Mistake | What Students Do | The Correct Approach |
Choosing transitions by sound | Pick 'furthermore' or 'consequently' because they sound sophisticated, without verifying the logical relationship. | Cover the choices. Name the relationship. Then match. |
Matching verb to nearest noun (not subject) | See 'scientists' near the blank and use a plural verb, even though the subject is 'the research.' | Strip the sentence to true subject + verb before choosing. |
Using commas as a default | Add commas wherever the sentence feels long or complex, without applying any specific rule. | Never add a comma unless you can name the rule it follows. |
Accepting the comma splice | Read the comma between two clauses, find it sounds natural, and choose it. | Identify both clauses. If both are independent and there is no FANBOYS conjunction, the comma is wrong. |
Mismatching supplement punctuation | Use a dash on one side and a comma on the other of a non-essential element. | Check the fixed side first. Match it. |
Accepting dangling modifiers | The sentence sounds grammatically fine because the intended meaning is clear. | Identify what the introductory phrase actually modifies grammatically. The subject of the main clause must perform the action of the phrase. |
Using 'they' for singular indefinite pronouns | 'Everyone must submit their form.' Sounds natural but is formally singular. | Match number strictly. 'Everyone must submit his or her form.' Or restructure. |
Colon without a complete IC before it | 'Required materials: a pen, paper, and a calculator.' 'Required materials' is a noun phrase, not a sentence. | Test: can what comes before the colon stand alone as a complete sentence? |
16. How to Drill Grammar Rules for Maximum SAT Score Gain
Knowing the rules is necessary but not sufficient. Score improvement comes from applying rules automatically under timed conditions — 1.19 minutes per question means there is no time to re-derive the comma rule from first principles on test day. The drilling protocol below builds automaticity in 3–4 weeks.
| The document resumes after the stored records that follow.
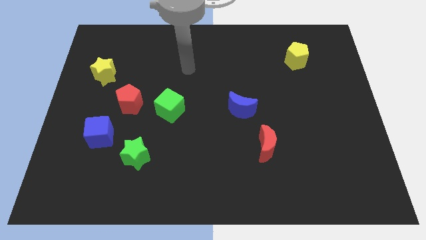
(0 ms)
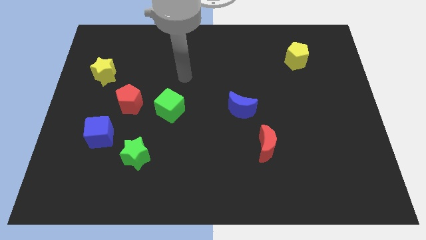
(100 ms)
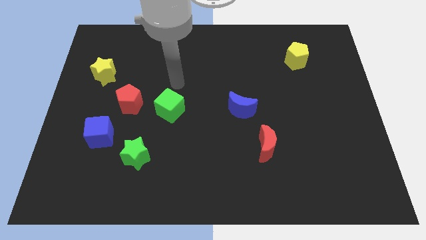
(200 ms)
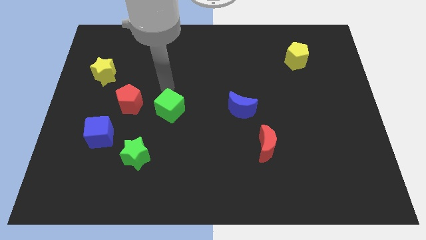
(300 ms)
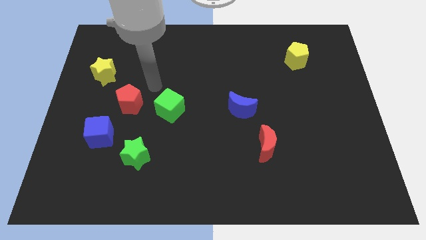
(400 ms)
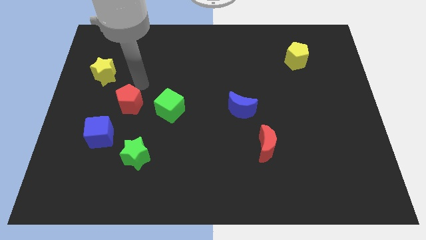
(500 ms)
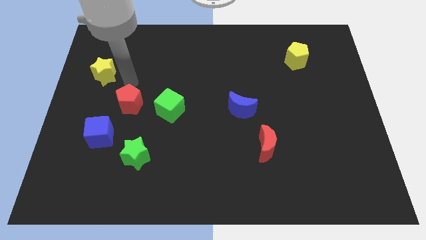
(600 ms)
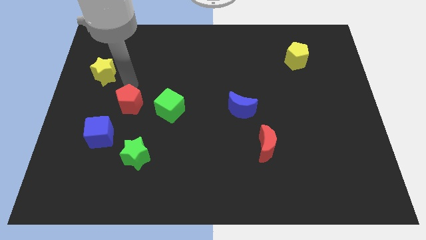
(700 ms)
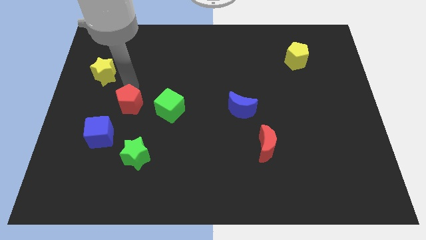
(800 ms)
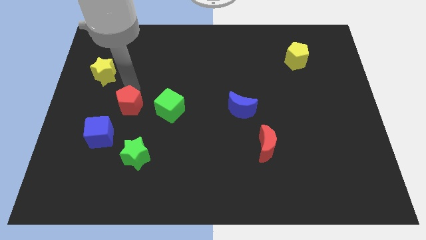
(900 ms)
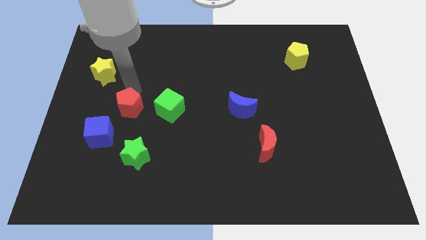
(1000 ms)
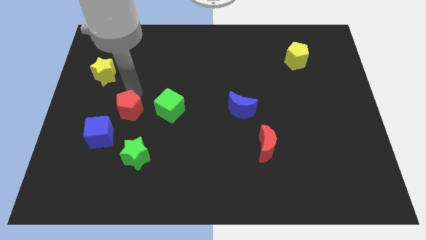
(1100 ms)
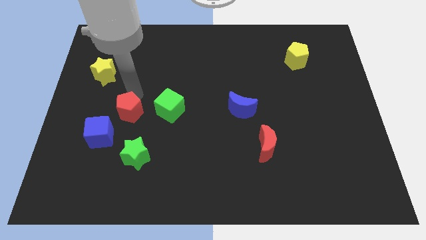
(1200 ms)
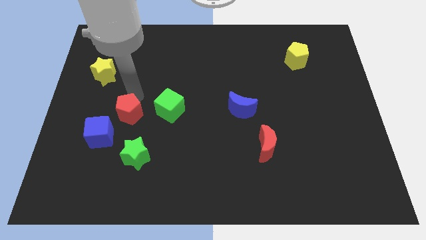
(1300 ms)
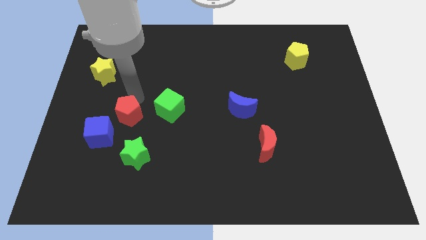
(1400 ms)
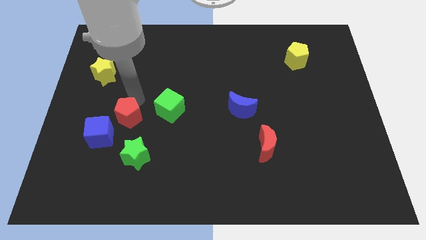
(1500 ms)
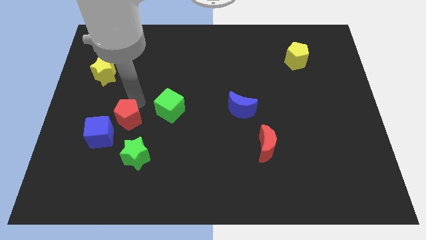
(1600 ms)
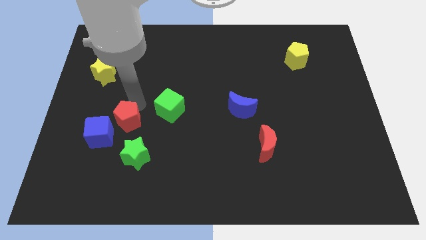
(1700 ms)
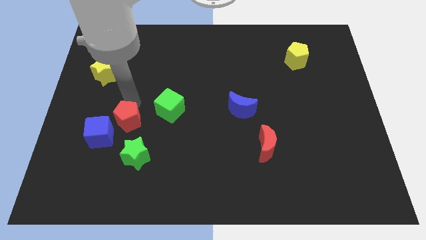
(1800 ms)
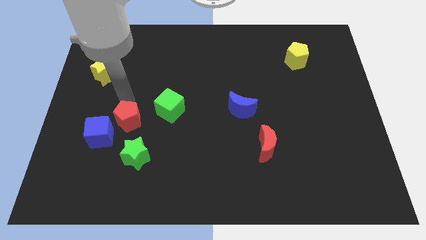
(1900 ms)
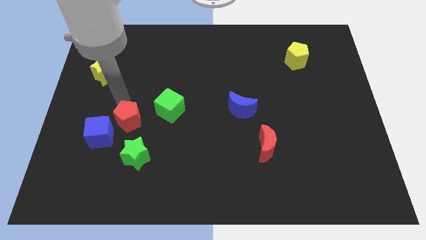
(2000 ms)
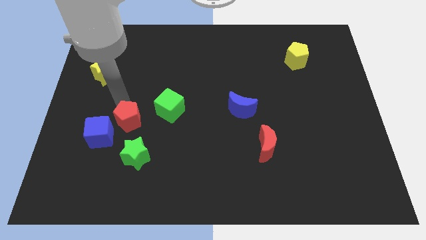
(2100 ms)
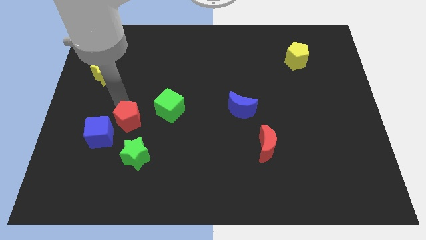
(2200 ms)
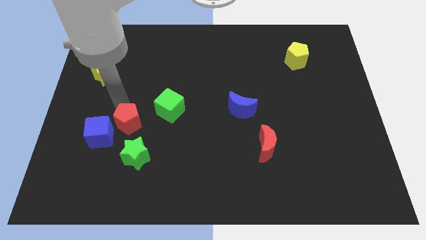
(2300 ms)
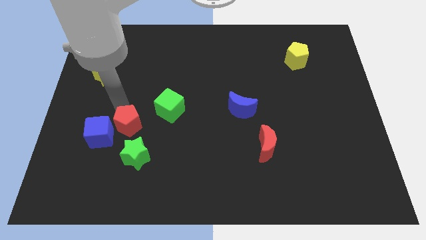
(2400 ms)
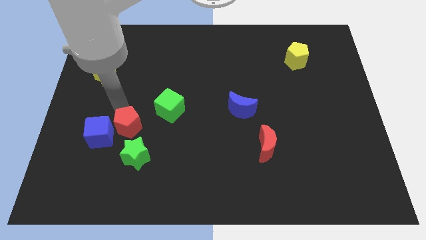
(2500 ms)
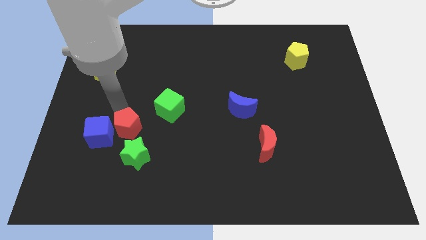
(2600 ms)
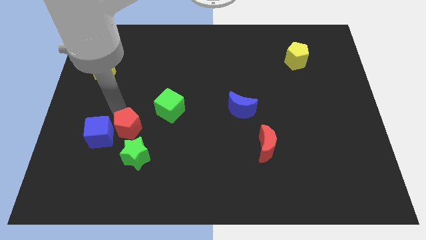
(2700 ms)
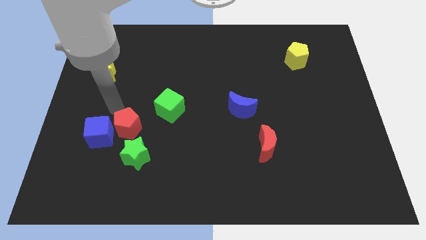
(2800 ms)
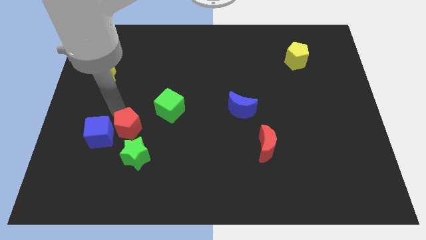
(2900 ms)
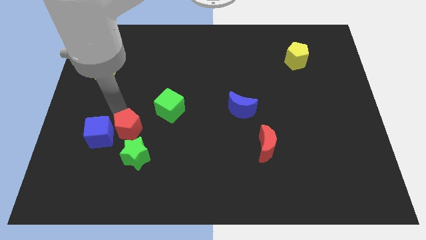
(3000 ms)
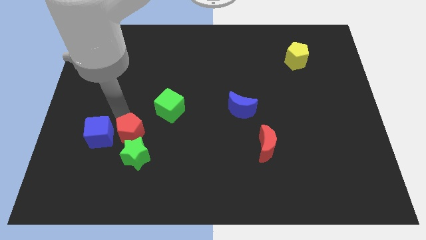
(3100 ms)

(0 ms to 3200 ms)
slide the red pentagon close to the green star

Step 1: Diagnostic — identify your specific rule gaps (Week 1)
Take a full official R&W module from Bluebook. For every SEC question you answer incorrectly, categorise the error by rule (not just 'grammar error'). Use the master checklist in Section 14 as your taxonomy. Your three most common error rules are your drilling targets.
Step 2: Rule study — one rule per session (Weeks 1–2)
Study one rule from this guide per session. Do not attempt to cover all rules in one sitting. For each rule: read the definition, work through the examples, articulate the decision logic aloud, and write two original example sentences — one correct and one incorrect. This encoding step is faster and more durable than passive re-reading.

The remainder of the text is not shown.